Problem to solve:
Each line from the beginning of the entries below through the line that includes "<sodipodi:namedview" must be returned exactly as given.

* * * *

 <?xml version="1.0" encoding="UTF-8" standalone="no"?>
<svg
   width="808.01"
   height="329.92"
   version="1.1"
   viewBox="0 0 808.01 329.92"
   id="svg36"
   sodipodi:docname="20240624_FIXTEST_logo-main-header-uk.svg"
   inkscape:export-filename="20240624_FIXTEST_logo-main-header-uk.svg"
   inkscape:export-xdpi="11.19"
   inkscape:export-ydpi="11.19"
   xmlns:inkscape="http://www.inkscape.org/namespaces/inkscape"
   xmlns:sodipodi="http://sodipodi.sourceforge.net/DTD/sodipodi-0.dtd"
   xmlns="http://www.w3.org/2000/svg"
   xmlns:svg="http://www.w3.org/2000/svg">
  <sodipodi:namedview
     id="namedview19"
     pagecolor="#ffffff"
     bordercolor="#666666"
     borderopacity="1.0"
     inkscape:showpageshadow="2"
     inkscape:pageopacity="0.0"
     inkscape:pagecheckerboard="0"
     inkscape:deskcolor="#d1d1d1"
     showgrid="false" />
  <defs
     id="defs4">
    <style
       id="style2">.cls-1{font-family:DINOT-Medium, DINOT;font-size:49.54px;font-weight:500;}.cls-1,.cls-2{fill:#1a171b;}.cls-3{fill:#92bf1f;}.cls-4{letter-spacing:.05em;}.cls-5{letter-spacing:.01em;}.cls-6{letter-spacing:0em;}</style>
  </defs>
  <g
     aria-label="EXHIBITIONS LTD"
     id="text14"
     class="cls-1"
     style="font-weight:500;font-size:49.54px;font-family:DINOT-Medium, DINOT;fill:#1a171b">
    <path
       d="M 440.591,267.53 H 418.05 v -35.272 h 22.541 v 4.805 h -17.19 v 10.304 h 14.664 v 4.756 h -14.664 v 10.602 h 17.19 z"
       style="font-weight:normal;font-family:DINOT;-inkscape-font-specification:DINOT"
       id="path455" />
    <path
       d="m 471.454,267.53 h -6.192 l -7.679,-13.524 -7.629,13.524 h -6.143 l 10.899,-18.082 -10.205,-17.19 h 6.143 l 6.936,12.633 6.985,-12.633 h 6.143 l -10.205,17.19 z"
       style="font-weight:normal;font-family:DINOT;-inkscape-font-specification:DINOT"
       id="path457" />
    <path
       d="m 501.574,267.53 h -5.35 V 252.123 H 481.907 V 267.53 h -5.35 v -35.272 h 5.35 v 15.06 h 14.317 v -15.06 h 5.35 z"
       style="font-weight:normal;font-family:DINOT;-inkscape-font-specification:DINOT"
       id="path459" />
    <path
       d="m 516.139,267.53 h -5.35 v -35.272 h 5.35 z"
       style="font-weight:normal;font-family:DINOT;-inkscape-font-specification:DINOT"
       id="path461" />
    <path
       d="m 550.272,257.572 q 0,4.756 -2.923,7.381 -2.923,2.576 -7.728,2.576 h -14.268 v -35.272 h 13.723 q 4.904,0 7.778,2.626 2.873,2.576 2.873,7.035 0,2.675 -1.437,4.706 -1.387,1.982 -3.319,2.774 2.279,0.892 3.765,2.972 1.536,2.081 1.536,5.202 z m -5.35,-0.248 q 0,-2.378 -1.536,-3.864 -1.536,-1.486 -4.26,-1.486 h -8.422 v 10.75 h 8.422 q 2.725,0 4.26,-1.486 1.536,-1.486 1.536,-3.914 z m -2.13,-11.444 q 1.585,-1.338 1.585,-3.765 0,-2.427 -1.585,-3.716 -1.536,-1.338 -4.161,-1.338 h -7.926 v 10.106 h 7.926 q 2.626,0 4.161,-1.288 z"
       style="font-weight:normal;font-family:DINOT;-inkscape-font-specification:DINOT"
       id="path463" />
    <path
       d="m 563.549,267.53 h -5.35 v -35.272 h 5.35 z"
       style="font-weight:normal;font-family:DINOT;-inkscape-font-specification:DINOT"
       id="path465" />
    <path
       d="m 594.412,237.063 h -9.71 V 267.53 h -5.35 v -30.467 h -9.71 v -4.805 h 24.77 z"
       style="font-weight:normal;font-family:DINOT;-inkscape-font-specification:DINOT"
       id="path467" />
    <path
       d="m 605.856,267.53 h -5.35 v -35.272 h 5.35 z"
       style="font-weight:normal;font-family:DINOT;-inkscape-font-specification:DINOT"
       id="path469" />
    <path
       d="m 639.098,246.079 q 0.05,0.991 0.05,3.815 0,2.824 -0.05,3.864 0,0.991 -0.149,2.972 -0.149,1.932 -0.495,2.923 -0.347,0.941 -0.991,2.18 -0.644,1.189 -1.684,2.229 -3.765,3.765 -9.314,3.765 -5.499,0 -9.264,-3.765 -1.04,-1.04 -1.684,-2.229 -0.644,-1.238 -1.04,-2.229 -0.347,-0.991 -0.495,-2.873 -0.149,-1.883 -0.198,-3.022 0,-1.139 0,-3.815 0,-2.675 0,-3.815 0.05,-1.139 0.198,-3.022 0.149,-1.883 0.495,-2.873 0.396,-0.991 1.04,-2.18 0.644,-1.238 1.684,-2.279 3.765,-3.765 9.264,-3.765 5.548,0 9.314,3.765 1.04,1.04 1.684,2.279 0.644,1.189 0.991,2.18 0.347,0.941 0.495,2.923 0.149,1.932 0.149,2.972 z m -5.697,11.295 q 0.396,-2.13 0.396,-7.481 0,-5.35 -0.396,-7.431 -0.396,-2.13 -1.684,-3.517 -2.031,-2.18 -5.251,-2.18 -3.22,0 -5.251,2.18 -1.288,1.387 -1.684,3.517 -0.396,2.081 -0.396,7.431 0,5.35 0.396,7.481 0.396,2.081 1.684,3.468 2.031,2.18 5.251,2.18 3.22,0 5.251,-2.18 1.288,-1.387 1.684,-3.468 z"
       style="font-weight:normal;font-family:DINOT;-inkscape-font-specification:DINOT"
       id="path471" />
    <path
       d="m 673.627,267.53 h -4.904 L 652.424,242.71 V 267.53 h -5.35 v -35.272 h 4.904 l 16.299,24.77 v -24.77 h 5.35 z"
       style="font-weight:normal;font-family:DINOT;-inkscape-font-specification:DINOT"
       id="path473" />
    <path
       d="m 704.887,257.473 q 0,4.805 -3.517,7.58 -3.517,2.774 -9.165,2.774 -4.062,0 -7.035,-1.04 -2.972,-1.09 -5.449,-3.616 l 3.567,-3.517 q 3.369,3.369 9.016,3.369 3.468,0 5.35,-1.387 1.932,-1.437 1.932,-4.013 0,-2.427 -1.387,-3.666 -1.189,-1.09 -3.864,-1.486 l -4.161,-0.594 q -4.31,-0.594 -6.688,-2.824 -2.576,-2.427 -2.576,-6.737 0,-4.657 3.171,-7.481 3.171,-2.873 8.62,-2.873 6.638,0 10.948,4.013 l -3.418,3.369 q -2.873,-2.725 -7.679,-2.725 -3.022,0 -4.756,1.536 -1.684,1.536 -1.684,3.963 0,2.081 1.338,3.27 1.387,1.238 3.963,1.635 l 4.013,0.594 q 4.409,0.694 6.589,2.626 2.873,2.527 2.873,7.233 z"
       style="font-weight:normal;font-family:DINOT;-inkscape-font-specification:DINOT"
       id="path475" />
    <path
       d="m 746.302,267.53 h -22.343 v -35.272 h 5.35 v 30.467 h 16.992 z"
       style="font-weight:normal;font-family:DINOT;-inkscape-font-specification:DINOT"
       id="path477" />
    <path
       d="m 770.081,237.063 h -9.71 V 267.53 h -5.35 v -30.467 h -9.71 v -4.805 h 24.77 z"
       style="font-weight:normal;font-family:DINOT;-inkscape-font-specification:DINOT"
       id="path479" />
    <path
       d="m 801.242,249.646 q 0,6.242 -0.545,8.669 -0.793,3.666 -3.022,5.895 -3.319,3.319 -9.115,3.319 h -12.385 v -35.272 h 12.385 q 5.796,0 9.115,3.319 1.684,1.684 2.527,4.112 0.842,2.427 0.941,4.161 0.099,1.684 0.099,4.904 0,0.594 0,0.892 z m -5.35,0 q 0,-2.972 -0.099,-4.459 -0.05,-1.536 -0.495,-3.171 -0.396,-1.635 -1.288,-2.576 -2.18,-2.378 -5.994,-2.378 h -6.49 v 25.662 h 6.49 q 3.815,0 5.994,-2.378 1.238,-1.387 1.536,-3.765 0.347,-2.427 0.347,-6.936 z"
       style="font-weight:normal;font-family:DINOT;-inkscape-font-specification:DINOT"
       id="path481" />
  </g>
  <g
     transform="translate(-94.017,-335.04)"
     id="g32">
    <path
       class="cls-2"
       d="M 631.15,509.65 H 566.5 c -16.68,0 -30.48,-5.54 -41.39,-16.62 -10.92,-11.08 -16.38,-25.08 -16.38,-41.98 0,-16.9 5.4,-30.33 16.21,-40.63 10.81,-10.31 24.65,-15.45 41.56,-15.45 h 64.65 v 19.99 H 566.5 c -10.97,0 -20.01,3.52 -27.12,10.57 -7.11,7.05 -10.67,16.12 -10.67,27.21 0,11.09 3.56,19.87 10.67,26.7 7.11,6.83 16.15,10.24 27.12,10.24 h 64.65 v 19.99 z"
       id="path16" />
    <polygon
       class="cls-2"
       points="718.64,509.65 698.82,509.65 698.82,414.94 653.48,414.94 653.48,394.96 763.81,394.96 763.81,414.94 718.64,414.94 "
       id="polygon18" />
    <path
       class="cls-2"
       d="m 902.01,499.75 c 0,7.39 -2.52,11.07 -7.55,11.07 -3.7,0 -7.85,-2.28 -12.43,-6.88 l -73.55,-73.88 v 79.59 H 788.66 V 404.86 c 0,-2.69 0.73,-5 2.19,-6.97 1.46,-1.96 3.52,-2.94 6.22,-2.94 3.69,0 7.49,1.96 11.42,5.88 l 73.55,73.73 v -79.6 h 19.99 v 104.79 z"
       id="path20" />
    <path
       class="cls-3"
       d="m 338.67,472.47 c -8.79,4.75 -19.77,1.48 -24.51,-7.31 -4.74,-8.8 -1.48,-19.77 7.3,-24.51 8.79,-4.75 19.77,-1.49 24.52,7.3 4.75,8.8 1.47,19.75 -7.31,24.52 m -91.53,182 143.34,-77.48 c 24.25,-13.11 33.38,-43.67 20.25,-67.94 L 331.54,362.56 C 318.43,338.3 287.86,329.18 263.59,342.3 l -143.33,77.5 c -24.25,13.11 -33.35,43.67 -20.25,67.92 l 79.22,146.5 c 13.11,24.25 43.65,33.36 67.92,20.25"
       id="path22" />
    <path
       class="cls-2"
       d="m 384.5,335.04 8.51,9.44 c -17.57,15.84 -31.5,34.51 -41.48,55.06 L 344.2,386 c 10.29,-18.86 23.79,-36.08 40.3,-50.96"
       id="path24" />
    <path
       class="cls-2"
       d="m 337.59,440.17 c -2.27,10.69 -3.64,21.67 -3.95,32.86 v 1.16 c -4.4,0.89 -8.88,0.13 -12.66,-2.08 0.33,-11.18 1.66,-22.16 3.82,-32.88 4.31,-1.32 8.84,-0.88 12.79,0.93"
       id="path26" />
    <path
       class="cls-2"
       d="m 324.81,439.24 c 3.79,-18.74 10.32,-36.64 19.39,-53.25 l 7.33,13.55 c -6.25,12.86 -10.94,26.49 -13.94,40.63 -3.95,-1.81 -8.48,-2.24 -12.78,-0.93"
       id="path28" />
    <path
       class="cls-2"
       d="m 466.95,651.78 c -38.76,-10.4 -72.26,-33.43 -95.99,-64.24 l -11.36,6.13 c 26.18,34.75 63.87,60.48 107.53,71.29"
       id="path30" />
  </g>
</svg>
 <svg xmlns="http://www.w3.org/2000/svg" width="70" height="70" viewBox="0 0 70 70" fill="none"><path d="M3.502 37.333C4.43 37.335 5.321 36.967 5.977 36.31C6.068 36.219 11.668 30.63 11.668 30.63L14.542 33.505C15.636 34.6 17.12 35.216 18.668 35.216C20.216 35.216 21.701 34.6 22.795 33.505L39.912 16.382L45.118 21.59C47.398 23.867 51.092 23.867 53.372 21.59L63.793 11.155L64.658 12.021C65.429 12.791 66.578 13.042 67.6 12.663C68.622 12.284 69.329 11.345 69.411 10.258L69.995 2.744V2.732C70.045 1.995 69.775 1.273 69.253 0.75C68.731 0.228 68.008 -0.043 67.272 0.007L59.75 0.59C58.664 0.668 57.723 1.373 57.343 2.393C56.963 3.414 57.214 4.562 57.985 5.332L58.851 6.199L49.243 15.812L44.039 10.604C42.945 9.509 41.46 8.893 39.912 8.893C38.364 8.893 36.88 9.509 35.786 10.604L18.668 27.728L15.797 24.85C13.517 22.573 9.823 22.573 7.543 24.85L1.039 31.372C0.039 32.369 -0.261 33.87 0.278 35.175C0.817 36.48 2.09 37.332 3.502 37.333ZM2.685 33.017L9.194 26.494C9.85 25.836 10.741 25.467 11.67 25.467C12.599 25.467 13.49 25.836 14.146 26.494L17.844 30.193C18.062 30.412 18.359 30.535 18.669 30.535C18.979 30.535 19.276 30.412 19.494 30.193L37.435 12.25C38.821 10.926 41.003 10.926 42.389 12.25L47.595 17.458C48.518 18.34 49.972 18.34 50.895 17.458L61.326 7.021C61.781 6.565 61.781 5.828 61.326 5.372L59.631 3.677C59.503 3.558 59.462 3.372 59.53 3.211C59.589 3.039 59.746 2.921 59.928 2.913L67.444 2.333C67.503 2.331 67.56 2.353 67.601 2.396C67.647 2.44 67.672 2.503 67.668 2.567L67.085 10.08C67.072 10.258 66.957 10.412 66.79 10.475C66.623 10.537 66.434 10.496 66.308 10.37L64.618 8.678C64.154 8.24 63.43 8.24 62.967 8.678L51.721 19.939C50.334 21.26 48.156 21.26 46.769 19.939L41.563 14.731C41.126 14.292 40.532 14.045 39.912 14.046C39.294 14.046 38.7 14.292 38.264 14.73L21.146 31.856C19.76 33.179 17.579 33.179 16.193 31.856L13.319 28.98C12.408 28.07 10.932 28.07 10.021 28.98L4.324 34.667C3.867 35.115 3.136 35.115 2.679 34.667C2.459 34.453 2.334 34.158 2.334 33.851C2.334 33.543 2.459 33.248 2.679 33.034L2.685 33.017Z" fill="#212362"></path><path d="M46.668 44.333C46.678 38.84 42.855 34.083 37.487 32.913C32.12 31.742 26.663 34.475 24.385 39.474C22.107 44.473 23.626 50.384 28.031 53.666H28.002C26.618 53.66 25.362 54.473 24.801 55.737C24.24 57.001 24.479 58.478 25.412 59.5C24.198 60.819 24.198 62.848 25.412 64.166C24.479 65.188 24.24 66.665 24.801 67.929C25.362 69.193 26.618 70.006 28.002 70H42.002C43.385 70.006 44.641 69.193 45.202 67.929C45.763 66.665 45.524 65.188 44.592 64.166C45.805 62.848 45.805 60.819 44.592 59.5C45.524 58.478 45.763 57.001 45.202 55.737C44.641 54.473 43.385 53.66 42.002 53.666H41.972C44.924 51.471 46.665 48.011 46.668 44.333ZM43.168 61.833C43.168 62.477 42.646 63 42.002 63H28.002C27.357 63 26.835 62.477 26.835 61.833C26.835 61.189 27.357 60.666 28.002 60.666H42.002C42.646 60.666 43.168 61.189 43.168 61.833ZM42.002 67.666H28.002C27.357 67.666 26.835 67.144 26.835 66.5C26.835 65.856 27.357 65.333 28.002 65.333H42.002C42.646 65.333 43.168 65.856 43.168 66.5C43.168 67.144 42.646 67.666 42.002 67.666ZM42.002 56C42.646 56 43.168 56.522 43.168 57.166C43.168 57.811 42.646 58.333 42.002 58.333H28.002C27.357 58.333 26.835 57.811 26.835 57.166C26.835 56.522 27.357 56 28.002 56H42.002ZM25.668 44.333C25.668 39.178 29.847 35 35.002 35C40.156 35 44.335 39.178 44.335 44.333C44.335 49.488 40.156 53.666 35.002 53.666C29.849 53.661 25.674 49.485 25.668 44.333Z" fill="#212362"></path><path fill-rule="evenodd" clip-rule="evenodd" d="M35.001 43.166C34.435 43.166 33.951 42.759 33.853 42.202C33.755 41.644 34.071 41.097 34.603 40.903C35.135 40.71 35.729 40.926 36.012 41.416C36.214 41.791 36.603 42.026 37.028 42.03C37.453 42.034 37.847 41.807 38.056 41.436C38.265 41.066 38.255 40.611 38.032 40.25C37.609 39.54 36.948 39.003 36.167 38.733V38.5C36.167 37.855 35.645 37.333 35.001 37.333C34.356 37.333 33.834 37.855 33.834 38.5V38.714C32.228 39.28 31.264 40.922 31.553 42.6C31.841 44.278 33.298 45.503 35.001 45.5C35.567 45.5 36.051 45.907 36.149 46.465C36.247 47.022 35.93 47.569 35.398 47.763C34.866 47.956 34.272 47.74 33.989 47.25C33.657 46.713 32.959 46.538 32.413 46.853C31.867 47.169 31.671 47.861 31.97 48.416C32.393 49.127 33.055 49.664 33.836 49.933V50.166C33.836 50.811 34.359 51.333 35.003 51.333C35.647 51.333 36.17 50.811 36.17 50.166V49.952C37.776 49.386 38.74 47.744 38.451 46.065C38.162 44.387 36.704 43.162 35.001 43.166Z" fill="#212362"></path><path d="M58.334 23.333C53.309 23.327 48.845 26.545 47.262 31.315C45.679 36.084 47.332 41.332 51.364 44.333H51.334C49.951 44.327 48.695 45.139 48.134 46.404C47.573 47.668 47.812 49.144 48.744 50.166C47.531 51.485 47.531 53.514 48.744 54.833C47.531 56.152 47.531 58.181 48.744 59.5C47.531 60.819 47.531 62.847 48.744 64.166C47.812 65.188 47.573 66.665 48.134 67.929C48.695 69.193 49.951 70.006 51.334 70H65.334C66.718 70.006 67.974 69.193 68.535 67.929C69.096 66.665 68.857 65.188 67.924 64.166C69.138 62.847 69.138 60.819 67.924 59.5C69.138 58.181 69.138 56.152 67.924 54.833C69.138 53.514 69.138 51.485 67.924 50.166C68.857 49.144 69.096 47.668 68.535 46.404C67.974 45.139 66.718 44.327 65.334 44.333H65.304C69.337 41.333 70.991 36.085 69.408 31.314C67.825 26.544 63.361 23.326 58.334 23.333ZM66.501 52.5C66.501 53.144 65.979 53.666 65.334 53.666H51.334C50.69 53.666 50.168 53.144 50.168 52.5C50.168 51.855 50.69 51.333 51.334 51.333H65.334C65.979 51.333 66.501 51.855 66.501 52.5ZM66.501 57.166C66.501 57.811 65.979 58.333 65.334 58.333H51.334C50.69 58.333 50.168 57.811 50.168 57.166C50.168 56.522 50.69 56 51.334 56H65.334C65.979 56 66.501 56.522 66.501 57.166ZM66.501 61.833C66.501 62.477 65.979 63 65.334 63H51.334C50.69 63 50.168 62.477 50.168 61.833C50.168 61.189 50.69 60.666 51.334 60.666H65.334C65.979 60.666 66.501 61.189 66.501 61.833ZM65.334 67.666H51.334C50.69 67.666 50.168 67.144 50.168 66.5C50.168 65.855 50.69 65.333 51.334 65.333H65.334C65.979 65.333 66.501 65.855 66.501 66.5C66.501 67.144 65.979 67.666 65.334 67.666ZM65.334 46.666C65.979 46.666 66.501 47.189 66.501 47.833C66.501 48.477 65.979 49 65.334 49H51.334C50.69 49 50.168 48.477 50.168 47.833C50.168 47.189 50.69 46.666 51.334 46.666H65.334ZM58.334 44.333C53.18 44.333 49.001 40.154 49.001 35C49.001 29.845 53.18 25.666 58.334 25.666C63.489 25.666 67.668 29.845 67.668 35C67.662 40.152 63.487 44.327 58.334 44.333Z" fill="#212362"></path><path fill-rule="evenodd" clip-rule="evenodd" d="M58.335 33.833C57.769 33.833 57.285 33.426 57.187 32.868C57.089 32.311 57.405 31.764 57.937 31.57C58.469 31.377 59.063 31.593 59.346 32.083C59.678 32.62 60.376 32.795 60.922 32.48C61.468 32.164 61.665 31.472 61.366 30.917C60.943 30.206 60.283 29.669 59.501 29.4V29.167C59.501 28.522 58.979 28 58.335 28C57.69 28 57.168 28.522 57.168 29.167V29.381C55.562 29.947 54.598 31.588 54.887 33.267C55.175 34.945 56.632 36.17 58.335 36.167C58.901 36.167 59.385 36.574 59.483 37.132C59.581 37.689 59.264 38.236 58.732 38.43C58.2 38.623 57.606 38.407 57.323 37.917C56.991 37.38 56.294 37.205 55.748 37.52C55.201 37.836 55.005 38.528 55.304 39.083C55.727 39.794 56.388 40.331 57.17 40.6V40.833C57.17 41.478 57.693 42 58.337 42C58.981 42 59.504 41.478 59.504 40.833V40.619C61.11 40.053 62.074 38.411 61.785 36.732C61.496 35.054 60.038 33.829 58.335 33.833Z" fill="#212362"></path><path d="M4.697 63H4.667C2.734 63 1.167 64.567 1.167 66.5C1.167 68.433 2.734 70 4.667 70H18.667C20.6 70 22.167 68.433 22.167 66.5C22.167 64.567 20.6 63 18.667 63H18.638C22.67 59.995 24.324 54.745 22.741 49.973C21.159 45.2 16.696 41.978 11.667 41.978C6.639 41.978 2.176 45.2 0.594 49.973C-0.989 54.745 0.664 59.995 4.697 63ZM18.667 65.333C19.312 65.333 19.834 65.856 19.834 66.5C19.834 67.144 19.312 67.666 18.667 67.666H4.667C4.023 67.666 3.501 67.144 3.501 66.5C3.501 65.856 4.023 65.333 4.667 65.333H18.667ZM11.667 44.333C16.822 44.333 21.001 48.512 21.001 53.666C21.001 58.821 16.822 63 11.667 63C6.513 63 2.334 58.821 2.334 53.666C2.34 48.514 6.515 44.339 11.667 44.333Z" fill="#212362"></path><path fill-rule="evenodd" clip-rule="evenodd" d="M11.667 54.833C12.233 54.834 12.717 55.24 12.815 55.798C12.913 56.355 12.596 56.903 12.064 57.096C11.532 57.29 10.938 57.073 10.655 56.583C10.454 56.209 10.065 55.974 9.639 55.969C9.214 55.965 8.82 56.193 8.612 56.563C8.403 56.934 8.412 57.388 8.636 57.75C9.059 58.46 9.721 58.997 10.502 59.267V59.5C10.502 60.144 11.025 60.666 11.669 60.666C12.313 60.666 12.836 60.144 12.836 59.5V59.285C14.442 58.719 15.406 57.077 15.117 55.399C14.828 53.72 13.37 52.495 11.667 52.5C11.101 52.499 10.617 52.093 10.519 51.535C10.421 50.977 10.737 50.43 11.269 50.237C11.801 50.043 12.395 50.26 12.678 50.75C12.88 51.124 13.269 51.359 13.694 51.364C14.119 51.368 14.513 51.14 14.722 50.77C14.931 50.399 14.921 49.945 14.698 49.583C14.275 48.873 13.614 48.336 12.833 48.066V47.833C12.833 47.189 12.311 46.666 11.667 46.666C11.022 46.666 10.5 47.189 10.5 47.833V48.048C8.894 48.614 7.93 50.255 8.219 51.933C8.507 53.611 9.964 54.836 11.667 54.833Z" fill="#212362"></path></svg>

* * * *

Your response:
 <?xml version="1.0" encoding="UTF-8" standalone="no"?>
<svg
   width="808.01"
   height="329.92"
   version="1.1"
   viewBox="0 0 808.01 329.92"
   id="svg36"
   sodipodi:docname="20240624_FIXTEST_logo-main-header-uk.svg"
   inkscape:export-filename="20240624_FIXTEST_logo-main-header-uk.svg"
   inkscape:export-xdpi="11.19"
   inkscape:export-ydpi="11.19"
   xmlns:inkscape="http://www.inkscape.org/namespaces/inkscape"
   xmlns:sodipodi="http://sodipodi.sourceforge.net/DTD/sodipodi-0.dtd"
   xmlns="http://www.w3.org/2000/svg"
   xmlns:svg="http://www.w3.org/2000/svg">
  <sodipodi:namedview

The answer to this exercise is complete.